Being hurt by someone causes deep wounds. The mind ruminates on the hurt and the body reflects the worry in the form of anxiety, pain, or other physical issues. One thing’s for sure – holding resentments can take a toll on the mind and the body.
Forgiveness paves the way for a healthy mind and body
It’s been said many times that forgiveness is not about the person who has caused offense. Forgiveness really is designed to help the person who is hurting. Being able to forgive… even when there’s no apology… frees up the mind to feel better – which leads to a better feeling body as well.
Resentment is heavy. It carries a lot of emotions that weigh the mind down. Anger, sadness, confusion, can all lead to unresolved feelings. These feelings can turn into outward expressions on the body. Weight gain, weight loss, skin issues, and tummy troubles can all be traced back to the issues caused by carrying anger. Forgiveness can remedy the mind and the body pain.
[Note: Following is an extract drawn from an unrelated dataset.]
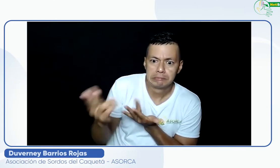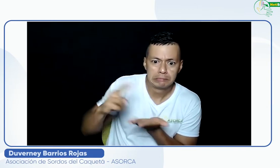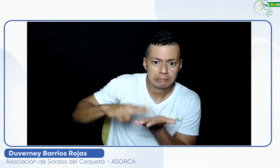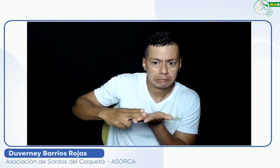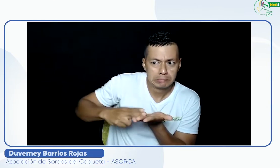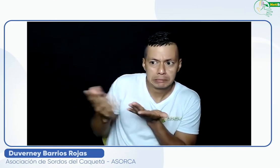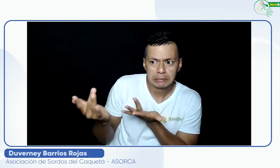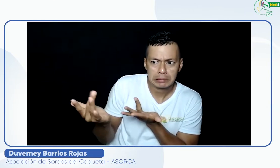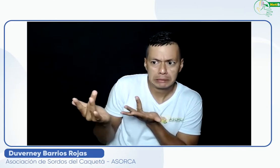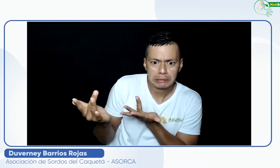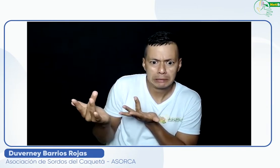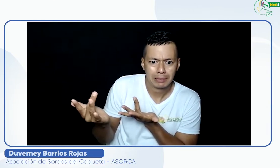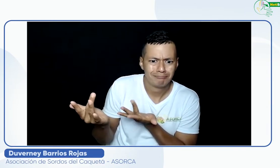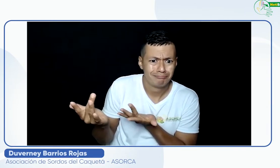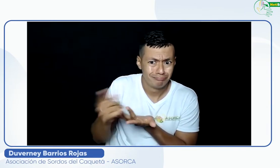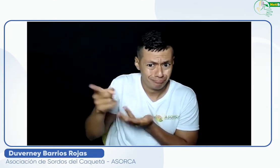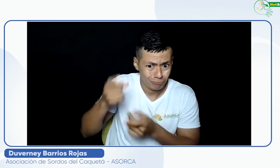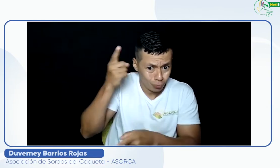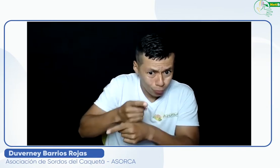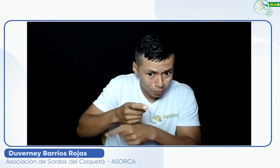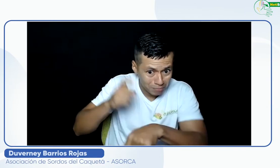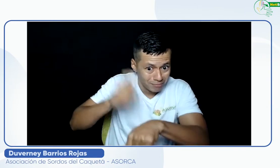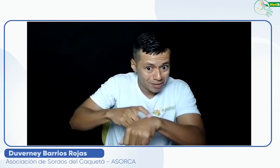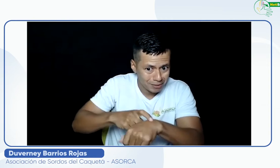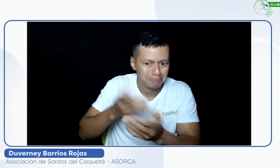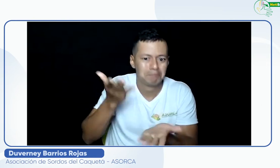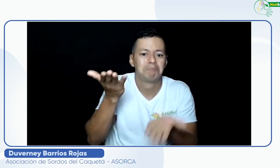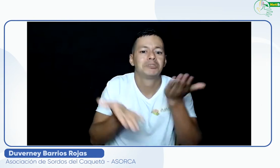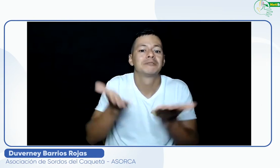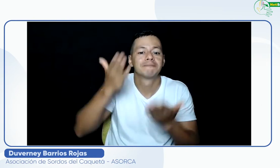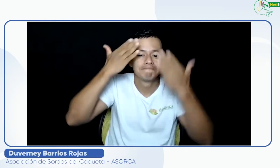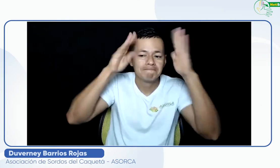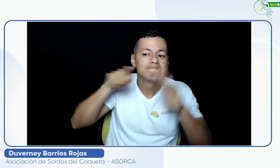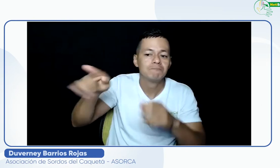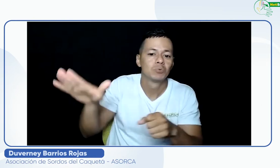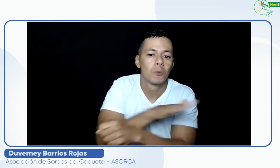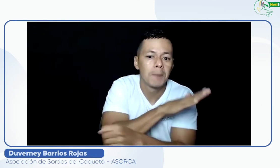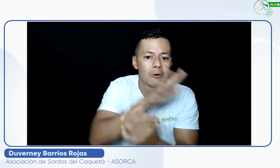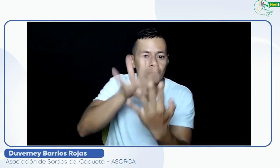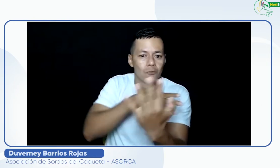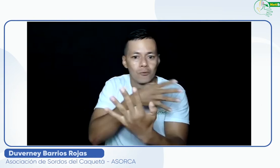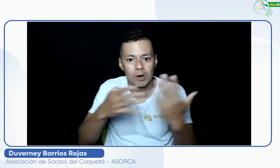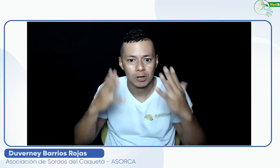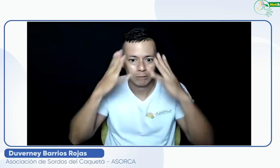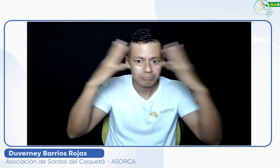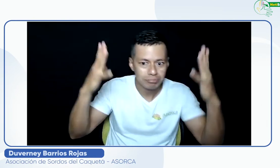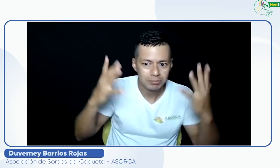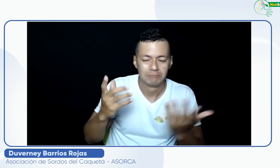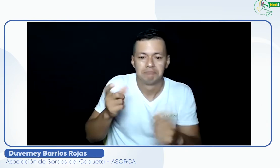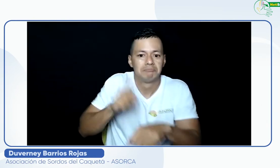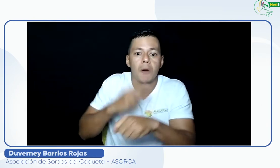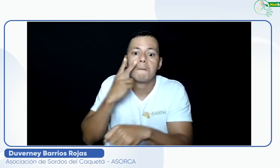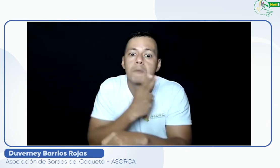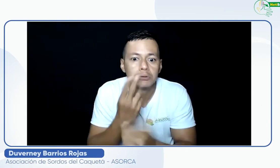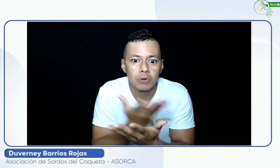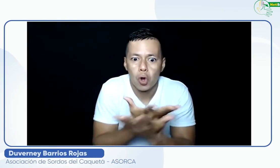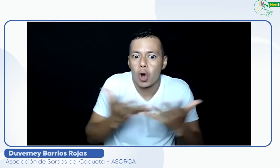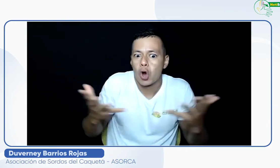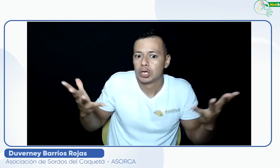intérprete está ocupado, dependemos de sus horarios y compromisos y decirle al funcionario que espere mientras llega el intérprete creo que no es una

Here are some steps to help pave the way to forgiveness
Step 1: Come to terms with your pain. Many people are suffering with silent pain. They are wounded from people who may not know they were causing any pain at all. Sometimes people are plain ignorant and don’t realize their impact and sometimes people are too sensitive and take issue with things that weren’t directed at them. No matter, a wound is a wound. Come to terms with your pain and identify what it is you resent. Once and for all, let your thoughts come to the surface and acknowledge them. Feel the feelings to their fullest one last time.
Step 2: Prepare to let the feelings go. People hold onto resentment because they don’t want to let people off the hook. They think forgiveness means what happened wasn’t a problem or that their value is tied to the other person having remorse. This simply isn’t the case. It’s time to let the feelings go. It’s time to put the benefits of forgiveness ahead of the benefits of holding onto resentment.
Step 3: Accept what you can’t control. There may be many aspects of what has happened that can’t be controlled. Letting go of the need for vindication and remorse paves the way for forgiveness. Being able to forgive someone who isn’t sorry or isn’t here to say they’re sorry is powerful. Accept what you can’t control as part of the maturity it takes to heal the wounds yourself rather than through someone else.
Step 4: Set boundaries that protect your heart. Some wounds are caused by people who remain in your space. It’s important to set clear boundaries that hold people accountable as you move forward. Set new standards for what you allow into your life and for how you allow people to treat you. This is part of the powerful process of reconnecting your mind and your body. Notice how light you begin to feel and how your body starts to respond to the relief that comes from letting go of the anger.
Forgiveness is a gift you give to yourself. Forgiveness removes the anger and resentment that creates a rift between your mind and body. It restores your sense of balance and true health, making life exceedingly better.